Start of Block

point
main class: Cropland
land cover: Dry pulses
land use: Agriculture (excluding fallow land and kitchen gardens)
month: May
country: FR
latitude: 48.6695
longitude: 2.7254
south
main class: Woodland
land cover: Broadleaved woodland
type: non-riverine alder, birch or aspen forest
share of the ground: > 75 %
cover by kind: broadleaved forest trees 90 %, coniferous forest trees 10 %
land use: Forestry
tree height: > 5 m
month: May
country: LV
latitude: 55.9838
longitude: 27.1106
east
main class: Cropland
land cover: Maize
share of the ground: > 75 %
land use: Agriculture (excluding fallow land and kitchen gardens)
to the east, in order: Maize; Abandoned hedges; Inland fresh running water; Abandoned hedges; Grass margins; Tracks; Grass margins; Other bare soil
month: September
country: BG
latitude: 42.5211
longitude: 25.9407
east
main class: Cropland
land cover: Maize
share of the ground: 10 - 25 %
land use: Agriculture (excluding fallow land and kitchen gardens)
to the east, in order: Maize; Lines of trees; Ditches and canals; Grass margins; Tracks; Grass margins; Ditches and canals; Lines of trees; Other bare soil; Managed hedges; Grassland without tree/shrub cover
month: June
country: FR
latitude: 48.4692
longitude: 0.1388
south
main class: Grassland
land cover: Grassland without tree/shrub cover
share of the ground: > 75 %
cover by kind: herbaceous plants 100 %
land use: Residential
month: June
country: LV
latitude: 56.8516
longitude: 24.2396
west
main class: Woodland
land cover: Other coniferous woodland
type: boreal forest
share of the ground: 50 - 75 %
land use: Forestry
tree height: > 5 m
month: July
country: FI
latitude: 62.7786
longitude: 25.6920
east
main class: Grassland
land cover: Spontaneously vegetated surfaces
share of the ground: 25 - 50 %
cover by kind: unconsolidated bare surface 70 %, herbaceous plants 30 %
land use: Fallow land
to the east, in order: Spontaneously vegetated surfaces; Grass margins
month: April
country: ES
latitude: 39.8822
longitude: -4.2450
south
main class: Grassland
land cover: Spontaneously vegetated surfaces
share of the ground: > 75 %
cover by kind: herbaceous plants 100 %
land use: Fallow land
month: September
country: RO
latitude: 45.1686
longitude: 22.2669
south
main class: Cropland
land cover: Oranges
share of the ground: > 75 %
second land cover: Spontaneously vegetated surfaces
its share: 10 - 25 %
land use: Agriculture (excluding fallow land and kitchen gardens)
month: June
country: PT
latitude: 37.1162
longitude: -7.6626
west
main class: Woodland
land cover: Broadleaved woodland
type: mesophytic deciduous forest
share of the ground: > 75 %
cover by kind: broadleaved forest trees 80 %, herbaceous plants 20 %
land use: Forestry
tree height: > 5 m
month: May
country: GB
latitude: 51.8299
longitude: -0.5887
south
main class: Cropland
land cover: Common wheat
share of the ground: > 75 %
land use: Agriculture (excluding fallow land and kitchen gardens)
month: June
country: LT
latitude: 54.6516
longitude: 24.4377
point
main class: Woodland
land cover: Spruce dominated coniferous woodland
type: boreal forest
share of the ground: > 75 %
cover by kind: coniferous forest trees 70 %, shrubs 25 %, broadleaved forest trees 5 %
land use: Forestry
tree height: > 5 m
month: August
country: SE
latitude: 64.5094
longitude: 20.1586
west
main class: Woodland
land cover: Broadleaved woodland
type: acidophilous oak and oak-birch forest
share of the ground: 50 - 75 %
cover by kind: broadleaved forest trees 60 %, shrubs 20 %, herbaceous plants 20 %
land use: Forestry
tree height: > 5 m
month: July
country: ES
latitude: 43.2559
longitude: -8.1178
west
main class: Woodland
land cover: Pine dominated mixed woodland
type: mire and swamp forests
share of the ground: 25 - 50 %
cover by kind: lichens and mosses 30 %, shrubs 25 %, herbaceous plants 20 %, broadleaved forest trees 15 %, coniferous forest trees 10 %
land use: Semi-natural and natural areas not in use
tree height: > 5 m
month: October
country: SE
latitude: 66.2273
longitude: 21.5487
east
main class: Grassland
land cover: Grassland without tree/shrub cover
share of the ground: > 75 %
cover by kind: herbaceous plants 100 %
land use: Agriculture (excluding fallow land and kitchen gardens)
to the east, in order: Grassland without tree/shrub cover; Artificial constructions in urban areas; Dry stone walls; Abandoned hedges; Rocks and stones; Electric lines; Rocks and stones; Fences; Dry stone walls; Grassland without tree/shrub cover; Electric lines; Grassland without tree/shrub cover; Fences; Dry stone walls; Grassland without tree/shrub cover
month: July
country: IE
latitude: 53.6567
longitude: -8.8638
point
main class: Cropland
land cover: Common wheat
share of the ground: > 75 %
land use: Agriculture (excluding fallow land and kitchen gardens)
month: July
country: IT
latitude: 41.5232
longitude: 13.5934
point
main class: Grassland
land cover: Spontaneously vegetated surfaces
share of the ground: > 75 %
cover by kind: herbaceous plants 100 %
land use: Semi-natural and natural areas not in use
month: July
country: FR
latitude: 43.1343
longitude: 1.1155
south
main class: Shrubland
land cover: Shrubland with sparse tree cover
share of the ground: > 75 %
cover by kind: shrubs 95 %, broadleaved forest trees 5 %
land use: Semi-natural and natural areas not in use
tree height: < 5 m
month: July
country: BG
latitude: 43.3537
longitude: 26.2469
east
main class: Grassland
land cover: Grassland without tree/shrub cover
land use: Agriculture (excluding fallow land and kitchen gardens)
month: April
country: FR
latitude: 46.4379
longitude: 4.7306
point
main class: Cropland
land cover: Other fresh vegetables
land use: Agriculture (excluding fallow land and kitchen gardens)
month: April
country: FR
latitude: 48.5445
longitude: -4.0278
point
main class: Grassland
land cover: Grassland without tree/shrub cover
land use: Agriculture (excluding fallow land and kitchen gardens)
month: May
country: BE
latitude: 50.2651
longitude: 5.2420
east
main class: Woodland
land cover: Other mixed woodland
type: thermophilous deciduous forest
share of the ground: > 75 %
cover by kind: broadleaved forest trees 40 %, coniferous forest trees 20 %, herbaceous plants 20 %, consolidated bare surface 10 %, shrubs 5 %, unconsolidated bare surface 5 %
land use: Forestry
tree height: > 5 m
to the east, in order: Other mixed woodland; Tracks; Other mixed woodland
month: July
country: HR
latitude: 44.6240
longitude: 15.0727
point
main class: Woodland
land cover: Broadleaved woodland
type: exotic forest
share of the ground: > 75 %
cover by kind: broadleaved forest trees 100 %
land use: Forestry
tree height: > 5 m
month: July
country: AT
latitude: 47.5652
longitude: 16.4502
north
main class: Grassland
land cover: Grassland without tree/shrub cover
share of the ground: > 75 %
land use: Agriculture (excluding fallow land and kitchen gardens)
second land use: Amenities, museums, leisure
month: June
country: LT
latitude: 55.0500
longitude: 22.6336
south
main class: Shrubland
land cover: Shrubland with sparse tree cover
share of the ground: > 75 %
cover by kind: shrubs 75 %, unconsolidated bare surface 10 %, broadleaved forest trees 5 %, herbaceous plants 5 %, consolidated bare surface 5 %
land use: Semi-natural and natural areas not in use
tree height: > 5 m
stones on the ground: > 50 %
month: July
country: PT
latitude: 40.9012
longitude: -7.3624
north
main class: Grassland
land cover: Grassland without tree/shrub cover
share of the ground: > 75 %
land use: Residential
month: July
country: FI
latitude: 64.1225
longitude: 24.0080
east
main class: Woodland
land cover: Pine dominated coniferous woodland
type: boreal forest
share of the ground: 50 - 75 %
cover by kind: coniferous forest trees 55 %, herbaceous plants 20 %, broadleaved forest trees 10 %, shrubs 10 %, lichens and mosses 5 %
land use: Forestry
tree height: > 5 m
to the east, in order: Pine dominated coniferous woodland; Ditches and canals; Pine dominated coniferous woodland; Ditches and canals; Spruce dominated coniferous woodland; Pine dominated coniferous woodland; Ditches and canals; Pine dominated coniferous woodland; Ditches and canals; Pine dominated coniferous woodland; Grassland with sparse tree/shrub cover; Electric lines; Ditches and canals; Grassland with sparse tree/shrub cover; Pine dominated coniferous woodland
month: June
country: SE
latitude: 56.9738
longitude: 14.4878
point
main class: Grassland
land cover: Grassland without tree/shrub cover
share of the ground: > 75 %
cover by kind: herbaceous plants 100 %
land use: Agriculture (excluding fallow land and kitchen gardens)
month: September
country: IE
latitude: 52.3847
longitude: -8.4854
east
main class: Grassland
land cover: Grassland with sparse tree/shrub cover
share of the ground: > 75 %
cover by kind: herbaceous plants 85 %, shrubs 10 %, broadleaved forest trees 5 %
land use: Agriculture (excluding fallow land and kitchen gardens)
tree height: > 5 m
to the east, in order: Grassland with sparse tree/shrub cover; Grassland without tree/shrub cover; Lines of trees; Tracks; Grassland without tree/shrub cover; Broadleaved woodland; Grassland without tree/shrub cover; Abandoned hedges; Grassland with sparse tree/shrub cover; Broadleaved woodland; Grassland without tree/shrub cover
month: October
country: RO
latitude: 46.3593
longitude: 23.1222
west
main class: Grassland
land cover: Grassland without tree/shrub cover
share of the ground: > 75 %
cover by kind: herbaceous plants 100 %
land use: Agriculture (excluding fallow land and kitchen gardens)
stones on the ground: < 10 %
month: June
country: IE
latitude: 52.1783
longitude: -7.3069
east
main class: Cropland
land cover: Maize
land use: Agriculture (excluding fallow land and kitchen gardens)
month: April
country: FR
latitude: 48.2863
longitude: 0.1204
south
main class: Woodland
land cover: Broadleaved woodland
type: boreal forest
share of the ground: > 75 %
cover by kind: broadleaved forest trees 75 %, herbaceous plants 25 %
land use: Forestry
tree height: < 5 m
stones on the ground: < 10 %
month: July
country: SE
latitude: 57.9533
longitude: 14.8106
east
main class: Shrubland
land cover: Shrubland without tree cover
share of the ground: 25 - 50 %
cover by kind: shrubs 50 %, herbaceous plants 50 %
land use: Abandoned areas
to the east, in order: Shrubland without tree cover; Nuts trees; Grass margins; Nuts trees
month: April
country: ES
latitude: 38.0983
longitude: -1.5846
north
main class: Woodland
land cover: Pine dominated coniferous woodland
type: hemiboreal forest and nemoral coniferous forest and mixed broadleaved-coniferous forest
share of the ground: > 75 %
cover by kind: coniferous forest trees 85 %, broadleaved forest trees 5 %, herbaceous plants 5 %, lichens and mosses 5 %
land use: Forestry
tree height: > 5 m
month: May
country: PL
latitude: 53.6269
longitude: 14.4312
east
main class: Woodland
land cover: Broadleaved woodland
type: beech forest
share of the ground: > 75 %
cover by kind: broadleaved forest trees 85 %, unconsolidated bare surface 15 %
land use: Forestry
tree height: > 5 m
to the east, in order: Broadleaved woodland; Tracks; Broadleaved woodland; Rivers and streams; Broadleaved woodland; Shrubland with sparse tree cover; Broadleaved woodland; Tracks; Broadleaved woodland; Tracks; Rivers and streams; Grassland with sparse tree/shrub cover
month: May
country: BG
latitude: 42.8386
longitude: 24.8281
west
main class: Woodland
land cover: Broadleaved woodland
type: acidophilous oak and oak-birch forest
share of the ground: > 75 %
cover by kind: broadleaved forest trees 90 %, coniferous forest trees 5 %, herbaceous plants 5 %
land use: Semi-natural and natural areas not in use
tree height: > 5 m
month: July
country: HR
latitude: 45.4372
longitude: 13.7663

End of Block

**Exercise objective:** When a line in the listing has the string "mosses" in it, return that line.

**Answer below:**
cover by kind: lichens and mosses 30 %, shrubs 25 %, herbaceous plants 20 %, broadleaved forest trees 15 %, coniferous forest trees 10 %
cover by kind: coniferous forest trees 55 %, herbaceous plants 20 %, broadleaved forest trees 10 %, shrubs 10 %, lichens and mosses 5 %
cover by kind: coniferous forest trees 85 %, broadleaved forest trees 5 %, herbaceous plants 5 %, lichens and mosses 5 %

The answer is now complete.